TASK REQUIREMENTS: Gather all lines with "Smedes" from the records.

PROVIDED INFORMATION:
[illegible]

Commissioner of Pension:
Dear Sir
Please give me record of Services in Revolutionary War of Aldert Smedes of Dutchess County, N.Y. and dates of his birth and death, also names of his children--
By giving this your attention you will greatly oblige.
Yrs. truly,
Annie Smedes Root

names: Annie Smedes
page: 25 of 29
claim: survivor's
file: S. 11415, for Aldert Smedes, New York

...

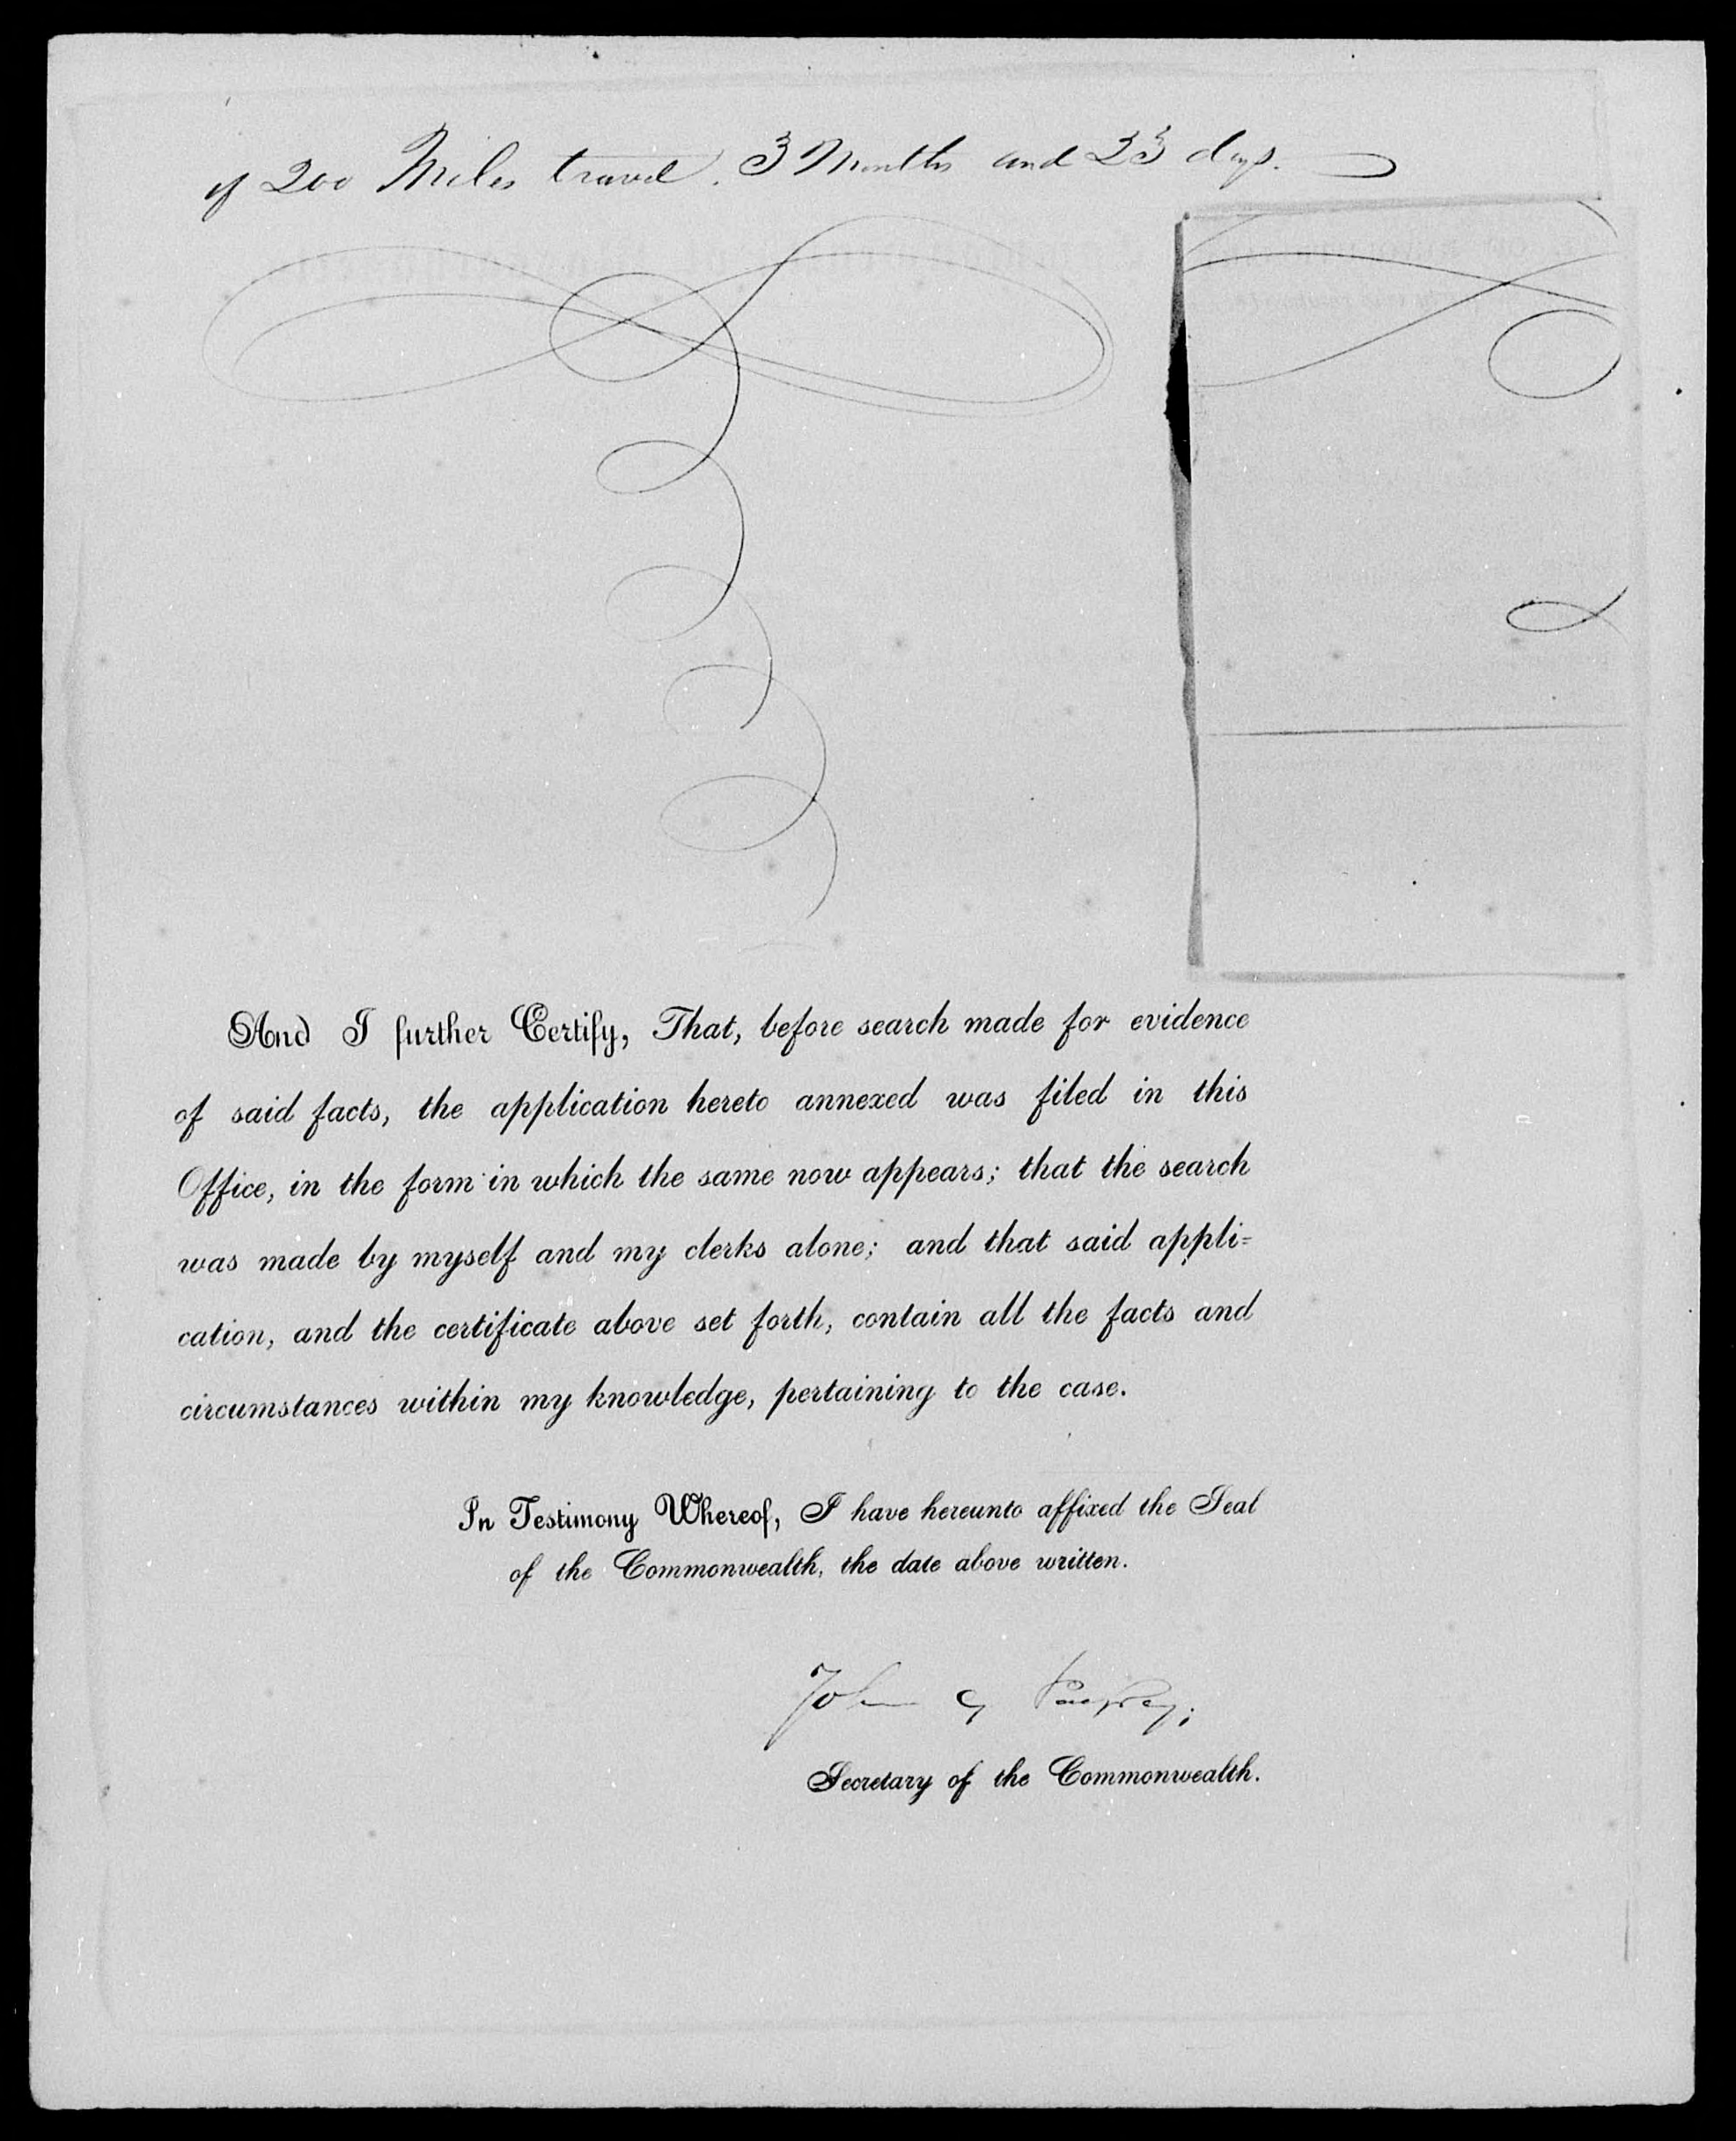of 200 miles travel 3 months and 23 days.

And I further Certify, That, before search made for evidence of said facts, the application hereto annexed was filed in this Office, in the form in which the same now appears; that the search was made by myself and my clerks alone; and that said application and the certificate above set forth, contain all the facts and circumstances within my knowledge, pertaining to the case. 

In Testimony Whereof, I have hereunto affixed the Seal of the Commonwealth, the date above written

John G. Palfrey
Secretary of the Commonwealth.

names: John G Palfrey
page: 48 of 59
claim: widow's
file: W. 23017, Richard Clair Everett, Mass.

TASK RESULT:
Please give me record of Services in Revolutionary War of Aldert Smedes of Dutchess County, N.Y. and dates of his birth and death, also names of his children--
Annie Smedes Root
names: Annie Smedes
file: S. 11415, for Aldert Smedes, New York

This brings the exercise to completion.